[[ AVAILABLE RECORDS open ]]

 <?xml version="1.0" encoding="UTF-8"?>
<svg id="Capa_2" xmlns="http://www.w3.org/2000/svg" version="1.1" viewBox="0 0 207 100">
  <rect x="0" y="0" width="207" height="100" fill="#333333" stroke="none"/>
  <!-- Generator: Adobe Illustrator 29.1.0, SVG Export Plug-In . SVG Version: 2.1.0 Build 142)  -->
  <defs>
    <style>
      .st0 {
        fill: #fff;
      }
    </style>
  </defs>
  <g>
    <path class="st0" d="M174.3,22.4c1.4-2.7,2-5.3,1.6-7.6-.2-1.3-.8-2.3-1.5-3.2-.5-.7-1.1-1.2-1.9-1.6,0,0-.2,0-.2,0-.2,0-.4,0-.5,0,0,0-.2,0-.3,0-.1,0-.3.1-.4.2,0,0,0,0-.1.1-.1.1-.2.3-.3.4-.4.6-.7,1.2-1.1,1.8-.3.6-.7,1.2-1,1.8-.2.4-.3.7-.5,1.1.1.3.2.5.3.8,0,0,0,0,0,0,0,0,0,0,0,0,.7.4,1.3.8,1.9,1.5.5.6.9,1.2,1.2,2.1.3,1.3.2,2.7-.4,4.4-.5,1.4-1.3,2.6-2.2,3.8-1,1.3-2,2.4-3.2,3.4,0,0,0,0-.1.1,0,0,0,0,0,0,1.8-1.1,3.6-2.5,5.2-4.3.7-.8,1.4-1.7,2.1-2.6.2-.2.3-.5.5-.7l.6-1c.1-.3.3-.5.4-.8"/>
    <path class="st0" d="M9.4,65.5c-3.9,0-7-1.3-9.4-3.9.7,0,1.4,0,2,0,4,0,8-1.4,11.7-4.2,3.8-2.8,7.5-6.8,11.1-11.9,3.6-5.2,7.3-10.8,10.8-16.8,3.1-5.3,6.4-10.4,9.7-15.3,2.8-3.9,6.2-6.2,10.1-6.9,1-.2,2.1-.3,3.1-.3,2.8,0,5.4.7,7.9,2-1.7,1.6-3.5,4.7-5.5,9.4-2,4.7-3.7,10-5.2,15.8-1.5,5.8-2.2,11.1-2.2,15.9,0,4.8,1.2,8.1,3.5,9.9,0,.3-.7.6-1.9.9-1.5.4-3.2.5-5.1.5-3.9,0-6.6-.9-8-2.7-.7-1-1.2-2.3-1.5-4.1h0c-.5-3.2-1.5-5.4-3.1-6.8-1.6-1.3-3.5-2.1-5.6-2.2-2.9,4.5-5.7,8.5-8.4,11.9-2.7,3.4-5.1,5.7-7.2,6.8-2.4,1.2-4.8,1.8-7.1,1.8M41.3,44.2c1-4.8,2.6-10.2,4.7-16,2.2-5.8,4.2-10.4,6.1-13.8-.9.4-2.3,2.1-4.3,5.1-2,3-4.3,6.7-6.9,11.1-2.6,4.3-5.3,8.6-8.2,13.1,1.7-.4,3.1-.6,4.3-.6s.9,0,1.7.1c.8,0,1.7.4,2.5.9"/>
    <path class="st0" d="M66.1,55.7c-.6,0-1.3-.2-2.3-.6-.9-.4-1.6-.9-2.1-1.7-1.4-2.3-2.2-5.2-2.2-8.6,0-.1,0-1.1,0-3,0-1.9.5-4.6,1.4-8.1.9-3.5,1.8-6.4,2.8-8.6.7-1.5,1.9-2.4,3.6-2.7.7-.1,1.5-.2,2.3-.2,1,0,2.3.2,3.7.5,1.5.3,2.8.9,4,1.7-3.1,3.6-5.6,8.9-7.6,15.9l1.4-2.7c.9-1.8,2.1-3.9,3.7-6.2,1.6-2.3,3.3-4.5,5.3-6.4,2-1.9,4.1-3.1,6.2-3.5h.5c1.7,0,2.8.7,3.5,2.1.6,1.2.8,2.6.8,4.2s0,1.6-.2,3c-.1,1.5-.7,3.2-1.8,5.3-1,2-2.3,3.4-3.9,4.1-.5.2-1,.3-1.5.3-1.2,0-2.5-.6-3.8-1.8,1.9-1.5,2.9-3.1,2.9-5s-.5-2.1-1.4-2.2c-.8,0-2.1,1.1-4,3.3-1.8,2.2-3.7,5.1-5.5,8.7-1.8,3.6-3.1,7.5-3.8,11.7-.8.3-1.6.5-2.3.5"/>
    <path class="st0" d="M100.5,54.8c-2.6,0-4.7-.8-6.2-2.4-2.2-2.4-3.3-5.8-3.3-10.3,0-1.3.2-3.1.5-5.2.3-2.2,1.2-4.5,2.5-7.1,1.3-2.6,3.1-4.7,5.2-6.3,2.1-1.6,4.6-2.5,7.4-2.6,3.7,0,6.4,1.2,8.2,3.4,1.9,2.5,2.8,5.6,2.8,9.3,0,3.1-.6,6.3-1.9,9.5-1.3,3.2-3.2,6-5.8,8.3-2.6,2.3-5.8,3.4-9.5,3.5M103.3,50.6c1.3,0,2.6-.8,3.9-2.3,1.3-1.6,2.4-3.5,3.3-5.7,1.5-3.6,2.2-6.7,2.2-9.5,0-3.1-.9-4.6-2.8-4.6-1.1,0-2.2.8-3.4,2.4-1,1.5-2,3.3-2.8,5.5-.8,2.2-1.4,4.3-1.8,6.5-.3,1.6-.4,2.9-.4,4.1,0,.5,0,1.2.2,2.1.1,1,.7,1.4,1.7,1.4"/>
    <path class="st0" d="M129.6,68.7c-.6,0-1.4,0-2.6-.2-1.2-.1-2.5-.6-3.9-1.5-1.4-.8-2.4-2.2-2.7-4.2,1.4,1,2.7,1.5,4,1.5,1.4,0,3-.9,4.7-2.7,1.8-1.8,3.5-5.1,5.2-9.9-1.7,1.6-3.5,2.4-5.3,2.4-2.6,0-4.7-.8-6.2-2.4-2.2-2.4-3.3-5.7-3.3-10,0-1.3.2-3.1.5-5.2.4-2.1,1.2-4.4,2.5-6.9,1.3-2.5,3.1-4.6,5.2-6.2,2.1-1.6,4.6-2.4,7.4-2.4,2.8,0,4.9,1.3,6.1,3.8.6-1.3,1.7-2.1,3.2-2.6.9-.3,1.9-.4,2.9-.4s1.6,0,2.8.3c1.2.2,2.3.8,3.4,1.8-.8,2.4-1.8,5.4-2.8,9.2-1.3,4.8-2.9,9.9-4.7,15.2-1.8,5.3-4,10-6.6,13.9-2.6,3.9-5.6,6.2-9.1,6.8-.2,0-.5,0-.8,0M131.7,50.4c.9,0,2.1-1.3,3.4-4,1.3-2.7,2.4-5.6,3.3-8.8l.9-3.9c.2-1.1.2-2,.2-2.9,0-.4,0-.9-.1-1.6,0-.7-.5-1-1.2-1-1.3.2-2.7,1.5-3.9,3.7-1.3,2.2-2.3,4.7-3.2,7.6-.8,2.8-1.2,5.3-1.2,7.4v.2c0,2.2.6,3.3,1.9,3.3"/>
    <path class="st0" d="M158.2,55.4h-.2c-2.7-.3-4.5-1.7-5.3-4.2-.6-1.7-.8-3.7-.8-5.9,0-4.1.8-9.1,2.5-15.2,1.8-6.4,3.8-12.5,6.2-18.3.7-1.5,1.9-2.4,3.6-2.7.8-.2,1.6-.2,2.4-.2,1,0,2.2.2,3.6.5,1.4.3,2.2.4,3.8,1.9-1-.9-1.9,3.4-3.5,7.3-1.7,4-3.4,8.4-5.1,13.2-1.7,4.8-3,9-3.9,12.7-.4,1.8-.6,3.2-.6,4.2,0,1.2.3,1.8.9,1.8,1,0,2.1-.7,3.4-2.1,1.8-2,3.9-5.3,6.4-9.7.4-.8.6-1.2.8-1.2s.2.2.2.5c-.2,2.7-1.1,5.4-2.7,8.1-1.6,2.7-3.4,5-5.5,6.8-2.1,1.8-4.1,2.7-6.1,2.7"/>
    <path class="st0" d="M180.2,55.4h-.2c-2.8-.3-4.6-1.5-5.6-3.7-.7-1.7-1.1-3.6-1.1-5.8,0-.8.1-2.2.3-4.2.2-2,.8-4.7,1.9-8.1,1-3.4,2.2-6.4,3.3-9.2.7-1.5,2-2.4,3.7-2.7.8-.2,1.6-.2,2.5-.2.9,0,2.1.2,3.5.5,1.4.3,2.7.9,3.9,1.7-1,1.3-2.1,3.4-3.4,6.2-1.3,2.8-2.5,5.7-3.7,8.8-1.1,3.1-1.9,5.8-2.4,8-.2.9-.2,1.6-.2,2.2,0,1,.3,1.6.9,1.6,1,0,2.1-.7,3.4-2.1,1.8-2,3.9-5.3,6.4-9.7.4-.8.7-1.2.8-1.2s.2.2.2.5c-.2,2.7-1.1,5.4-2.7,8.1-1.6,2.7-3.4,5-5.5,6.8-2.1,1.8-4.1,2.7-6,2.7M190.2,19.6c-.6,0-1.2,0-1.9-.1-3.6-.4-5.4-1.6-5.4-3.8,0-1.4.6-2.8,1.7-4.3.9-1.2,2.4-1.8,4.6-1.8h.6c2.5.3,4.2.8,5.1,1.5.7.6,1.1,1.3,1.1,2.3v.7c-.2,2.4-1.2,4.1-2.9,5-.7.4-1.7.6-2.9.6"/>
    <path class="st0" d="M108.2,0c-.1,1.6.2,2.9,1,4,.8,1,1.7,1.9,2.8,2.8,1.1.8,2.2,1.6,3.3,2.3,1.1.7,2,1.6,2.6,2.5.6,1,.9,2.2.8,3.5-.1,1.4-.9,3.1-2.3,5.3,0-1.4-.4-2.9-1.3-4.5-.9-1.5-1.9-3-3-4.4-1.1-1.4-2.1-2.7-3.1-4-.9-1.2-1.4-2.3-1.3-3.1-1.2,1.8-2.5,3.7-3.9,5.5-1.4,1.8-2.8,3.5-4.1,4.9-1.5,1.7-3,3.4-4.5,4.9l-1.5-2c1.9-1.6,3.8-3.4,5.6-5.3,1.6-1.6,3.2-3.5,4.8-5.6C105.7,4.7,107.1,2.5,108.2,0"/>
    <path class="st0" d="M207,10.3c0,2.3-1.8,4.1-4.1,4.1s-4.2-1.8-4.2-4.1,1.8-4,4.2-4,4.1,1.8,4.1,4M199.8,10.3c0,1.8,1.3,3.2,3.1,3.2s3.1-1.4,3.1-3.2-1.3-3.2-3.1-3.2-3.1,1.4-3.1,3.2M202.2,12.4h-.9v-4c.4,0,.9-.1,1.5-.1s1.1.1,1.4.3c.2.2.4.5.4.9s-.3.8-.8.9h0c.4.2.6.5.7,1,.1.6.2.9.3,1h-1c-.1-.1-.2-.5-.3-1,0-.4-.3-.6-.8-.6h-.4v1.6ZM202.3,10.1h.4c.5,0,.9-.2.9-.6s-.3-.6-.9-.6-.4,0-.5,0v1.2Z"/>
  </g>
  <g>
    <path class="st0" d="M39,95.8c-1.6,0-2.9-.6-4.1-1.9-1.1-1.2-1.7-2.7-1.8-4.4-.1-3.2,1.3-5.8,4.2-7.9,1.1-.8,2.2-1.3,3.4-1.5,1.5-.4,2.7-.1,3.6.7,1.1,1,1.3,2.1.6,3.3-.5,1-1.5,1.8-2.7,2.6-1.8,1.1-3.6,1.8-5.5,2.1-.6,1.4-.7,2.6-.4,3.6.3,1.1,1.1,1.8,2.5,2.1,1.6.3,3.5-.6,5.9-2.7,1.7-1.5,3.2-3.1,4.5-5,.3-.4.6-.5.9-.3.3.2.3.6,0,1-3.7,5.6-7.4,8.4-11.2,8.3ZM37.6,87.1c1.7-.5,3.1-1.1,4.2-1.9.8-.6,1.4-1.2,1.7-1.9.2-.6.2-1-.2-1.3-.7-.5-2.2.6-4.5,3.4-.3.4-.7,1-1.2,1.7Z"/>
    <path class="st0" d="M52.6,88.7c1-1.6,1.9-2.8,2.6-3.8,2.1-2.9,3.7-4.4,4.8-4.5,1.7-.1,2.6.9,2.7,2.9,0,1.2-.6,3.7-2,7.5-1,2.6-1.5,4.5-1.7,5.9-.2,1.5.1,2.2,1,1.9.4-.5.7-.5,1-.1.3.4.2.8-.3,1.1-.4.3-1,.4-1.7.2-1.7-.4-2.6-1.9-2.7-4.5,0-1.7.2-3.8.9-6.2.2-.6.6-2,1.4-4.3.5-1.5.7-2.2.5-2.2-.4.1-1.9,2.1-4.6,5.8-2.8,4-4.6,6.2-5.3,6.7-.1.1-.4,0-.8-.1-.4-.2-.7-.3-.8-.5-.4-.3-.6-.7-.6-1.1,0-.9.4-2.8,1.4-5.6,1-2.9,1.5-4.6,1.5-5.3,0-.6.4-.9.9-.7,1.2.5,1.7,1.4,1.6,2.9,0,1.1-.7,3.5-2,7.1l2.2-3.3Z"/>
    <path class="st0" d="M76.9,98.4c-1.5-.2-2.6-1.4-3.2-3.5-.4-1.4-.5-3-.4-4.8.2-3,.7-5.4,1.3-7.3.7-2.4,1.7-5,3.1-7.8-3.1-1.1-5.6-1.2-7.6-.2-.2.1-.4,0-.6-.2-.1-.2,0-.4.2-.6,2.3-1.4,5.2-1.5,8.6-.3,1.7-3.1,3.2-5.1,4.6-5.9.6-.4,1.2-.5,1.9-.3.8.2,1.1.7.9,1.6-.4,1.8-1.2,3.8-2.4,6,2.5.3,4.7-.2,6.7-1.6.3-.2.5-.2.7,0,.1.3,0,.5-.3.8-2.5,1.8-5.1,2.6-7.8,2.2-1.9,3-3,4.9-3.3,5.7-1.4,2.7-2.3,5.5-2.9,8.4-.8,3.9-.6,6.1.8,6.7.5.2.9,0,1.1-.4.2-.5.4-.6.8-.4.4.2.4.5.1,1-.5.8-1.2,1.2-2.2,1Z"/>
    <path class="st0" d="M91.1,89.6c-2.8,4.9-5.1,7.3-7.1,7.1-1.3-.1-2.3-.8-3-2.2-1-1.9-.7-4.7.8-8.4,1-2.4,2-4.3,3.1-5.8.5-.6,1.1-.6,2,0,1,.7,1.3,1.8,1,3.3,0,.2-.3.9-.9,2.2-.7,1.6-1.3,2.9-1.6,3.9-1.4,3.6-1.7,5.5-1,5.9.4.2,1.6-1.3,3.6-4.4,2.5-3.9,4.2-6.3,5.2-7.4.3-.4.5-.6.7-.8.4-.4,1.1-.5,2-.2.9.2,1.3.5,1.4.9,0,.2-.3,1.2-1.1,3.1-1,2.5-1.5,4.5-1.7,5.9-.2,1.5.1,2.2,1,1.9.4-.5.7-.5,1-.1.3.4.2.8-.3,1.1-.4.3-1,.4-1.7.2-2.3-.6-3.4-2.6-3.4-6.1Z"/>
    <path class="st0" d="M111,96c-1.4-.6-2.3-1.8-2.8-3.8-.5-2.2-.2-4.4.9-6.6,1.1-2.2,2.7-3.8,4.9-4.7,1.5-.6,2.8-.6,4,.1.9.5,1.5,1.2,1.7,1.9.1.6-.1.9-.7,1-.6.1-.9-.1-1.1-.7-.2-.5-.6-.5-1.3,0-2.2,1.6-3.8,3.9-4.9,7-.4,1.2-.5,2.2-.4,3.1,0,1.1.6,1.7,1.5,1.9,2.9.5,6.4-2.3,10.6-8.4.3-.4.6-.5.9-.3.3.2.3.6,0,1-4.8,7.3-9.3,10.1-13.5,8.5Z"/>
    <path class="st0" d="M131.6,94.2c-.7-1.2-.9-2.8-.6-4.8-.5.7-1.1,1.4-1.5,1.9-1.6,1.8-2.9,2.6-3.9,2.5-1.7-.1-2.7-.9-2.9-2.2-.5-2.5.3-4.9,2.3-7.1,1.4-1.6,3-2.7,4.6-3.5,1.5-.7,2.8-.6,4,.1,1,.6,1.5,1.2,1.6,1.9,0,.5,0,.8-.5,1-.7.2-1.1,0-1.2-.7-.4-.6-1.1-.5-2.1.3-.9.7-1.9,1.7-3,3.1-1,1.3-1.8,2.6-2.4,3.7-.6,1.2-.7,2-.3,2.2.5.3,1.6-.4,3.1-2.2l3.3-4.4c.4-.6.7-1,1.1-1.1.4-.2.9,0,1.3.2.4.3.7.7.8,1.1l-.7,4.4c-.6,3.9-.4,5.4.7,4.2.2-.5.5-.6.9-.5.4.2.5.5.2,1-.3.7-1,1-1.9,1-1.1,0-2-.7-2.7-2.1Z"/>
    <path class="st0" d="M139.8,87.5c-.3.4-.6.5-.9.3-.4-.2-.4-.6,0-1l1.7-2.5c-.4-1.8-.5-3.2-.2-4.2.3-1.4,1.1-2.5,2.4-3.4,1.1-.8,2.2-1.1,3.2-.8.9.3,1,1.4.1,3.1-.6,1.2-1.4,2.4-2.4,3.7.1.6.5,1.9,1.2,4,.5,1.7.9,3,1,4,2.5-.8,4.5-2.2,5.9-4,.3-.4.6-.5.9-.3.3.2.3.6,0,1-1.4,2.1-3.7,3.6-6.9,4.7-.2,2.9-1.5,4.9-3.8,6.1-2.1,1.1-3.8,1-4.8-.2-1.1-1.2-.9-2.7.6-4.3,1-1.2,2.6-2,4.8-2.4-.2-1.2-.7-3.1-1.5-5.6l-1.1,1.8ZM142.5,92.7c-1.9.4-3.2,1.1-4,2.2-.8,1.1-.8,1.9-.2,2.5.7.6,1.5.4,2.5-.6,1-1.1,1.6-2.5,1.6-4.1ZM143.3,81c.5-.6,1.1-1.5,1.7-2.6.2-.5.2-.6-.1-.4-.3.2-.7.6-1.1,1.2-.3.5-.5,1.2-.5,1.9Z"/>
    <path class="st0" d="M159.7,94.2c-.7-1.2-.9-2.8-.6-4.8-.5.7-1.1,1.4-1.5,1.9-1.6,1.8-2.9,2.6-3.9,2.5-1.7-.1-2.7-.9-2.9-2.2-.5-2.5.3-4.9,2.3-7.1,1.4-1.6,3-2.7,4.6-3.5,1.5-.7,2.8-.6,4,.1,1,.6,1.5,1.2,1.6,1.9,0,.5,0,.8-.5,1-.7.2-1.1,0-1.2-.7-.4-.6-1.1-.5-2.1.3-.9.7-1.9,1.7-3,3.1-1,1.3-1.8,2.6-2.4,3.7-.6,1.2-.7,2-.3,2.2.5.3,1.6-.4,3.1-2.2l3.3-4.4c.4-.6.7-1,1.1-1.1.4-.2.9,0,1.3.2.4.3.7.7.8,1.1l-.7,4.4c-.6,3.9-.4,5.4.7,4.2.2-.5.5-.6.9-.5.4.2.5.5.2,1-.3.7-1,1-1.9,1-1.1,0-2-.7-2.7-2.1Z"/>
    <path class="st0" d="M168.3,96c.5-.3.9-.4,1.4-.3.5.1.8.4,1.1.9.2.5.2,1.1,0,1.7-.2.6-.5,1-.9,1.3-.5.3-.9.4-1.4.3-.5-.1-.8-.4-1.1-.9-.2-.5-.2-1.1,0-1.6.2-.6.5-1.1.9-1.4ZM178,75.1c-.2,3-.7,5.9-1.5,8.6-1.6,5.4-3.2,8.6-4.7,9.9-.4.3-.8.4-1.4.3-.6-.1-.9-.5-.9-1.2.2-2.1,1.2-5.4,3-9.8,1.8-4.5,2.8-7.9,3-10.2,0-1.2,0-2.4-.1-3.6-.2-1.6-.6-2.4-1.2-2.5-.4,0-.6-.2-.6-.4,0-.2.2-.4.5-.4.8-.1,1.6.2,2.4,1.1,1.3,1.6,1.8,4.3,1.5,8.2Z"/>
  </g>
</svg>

[[ AVAILABLE RECORDS closed ]]

__EXERCISE REQUIREMENTS__: Scan the entries for the word "fill". Report each line that has it.

__RESPONSE TO THIS EXERCISE__:
  <rect x="0" y="0" width="207" height="100" fill="#333333" stroke="none"/>
        fill: #fff;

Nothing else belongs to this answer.